** Opening Record set block **
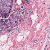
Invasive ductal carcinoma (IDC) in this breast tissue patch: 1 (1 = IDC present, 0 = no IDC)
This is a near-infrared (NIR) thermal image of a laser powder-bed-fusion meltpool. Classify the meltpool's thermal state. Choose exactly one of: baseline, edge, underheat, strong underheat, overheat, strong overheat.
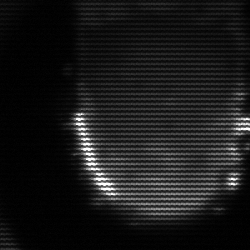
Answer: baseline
** Closing Record set block **
** Opening Record set block **
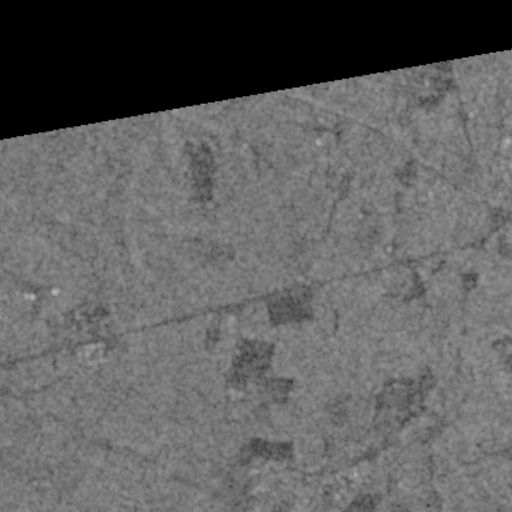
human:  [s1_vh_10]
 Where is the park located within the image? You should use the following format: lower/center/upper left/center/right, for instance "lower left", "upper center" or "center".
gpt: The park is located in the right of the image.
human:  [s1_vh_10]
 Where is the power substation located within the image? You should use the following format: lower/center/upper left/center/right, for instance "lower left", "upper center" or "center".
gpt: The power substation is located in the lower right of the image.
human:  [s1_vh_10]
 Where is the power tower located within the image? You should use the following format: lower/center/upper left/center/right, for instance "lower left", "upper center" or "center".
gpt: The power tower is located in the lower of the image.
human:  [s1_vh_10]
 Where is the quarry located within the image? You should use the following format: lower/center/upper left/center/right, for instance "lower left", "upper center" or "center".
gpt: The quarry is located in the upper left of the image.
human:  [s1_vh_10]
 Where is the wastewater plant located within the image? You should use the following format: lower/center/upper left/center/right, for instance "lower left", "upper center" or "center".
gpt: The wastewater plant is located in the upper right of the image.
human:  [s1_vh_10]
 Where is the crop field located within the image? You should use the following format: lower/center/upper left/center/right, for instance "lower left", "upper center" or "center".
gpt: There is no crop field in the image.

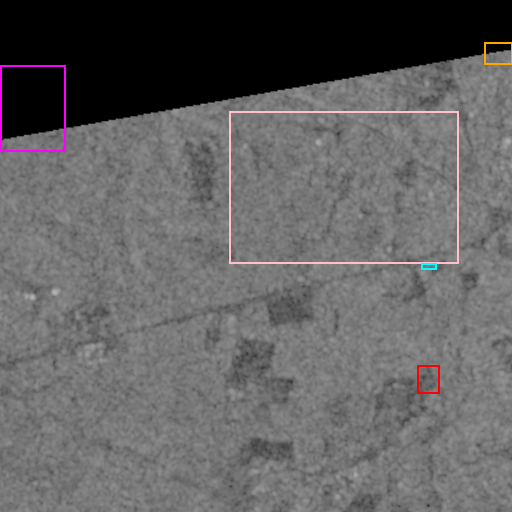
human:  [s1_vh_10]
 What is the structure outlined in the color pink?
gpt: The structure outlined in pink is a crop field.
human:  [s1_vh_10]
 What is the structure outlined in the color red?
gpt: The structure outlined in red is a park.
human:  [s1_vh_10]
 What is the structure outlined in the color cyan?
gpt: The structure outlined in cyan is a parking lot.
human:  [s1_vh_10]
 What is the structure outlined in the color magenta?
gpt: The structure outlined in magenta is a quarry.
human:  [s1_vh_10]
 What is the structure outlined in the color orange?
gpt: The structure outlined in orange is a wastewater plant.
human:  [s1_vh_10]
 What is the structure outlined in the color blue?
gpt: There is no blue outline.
** Closing Record set block **
▶ Brief: Among the entries above, find the line with "Invasive ductal carcinoma" and repeat exactly from there through the line with "Answer: baseline", leaving out the pictures.

▶ Answer for the task:
Invasive ductal carcinoma (IDC) in this breast tissue patch: 1 (1 = IDC present, 0 = no IDC)
This is a near-infrared (NIR) thermal image of a laser powder-bed-fusion meltpool. Classify the meltpool's thermal state. Choose exactly one of: baseline, edge, underheat, strong underheat, overheat, strong overheat.
Answer: baseline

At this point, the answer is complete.